Limnonectes isanensis, was identified with mitochondrial DNA data as “Lineage 11” by McLeod (2010) and
later described on the basis of morphology (McLeod et al. 2012). This species is closely related and
morphologically similar to L. megastomias and is currently known only from PLWS in Loei Province (McLeod
2008; McLeod et al. 2012). The IUCN Red List conservation status of L. isanensis is currently under review (J.
Rowley pers. comm). Like O. aureola, little is known about this species and informed conservation decisions are
difficult to make.
Despite recent progress towards elucidating diversity within amphibian cryptic species complexes, much of the
basic biology of these organisms remains unknown. Amphibians are characterized by their bimodal lifecycle, yet
much of the focus of taxonomic, phylogenetic, and ecological studies has been on the postmetamorphic forms
while disregarding the aquatic larval stages. Two endemic species, O. aureola and L. isanensis were originally
described solely based on adults, and larvae are unknown for both. The purpose of this study is to describe the
larvae of both O. aureola and L. isanensis in an effort to better understand these species and contribute to their
conservation.
Material and methods
Field collection of specimens.
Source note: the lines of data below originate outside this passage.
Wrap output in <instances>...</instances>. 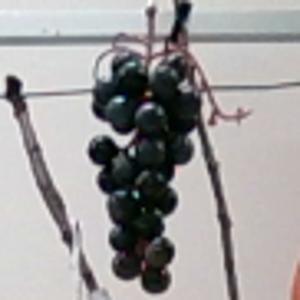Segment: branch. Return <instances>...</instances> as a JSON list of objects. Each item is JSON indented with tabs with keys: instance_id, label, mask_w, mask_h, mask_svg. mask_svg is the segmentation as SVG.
<instances>
[{
	"instance_id": "1",
	"label": "branch",
	"mask_w": 300,
	"mask_h": 300,
	"mask_svg": "<svg viewBox=\"0 0 300 300\" xmlns=\"http://www.w3.org/2000/svg\"><path fill=\"white\" fill-rule=\"evenodd\" d=\"M5 82V98L11 107L12 116L17 120V130L28 161V175L44 201L52 226L72 257L84 292L90 300H112L109 288L100 284L99 276L92 264L79 250L77 238L66 211V203L47 171L45 158L37 141V134L29 121L26 96L23 94V82L17 74L7 75Z\"/></svg>"
},
{
	"instance_id": "2",
	"label": "branch",
	"mask_w": 300,
	"mask_h": 300,
	"mask_svg": "<svg viewBox=\"0 0 300 300\" xmlns=\"http://www.w3.org/2000/svg\"><path fill=\"white\" fill-rule=\"evenodd\" d=\"M202 121L198 130V140L204 163H206L207 175L210 176V185L216 205V217L219 224V239L222 248L223 266L226 273V287L228 300L240 299L238 276L235 273L234 243L232 240L233 221L229 214L228 203L221 182L219 170L220 162L215 159L213 146L209 140V132L201 111Z\"/></svg>"
},
{
	"instance_id": "3",
	"label": "branch",
	"mask_w": 300,
	"mask_h": 300,
	"mask_svg": "<svg viewBox=\"0 0 300 300\" xmlns=\"http://www.w3.org/2000/svg\"><path fill=\"white\" fill-rule=\"evenodd\" d=\"M191 0H173L171 11L173 22L166 36V45L176 54L190 58L188 52V26L190 23Z\"/></svg>"
}]
</instances>

Adults and tadpoles of Odorrana aureola and Limnonectes isanensis were collected
from Phu Luang Wildlife Sanctuary, Phu Ruea District, Loei Province, northeastern Thailand (17°16'20.1"N
101°31'09.2"E; Fig. 1) between December 2012 and November 2013. Tadpoles of three species (Leptolalax sp.,
L. isanensis, and O. aureola) co-occurred in pools along the stream. For the purpose of this study, adults and larvae
of only two species (O. aureola and L. isanensis) were collected. Sampling was conducted over a six-day period
each month during December 2012 to November 2013. Environmental data (ambient air temperature, water
temperature, and relative humidity) were collected with a Kestrel 4000 Weather Meter, an Extech instruments
digital thermo-hygrometers, and a HM digital Waterproof pH meter. Tadpoles were collected with dip nets at night
from a variety of lentic and lotic habitats along the Kok Huai Toey Stream (described below). Adult frogs were
collected by hand at night. Live specimens of tadpoles were photographed with Nikon D80 and D300 cameras with
60 mm macro lenses and external flashes. Specimens were euthanized in the field with MS-222. Tadpole tail
muscle and liver tissue from postmetamorphic individuals were collected and preserved in 95% ethanol after
euthanasia. Specimens were fixed in 10% formalin and subsequently preserved in 70% ethanol (adult specimens)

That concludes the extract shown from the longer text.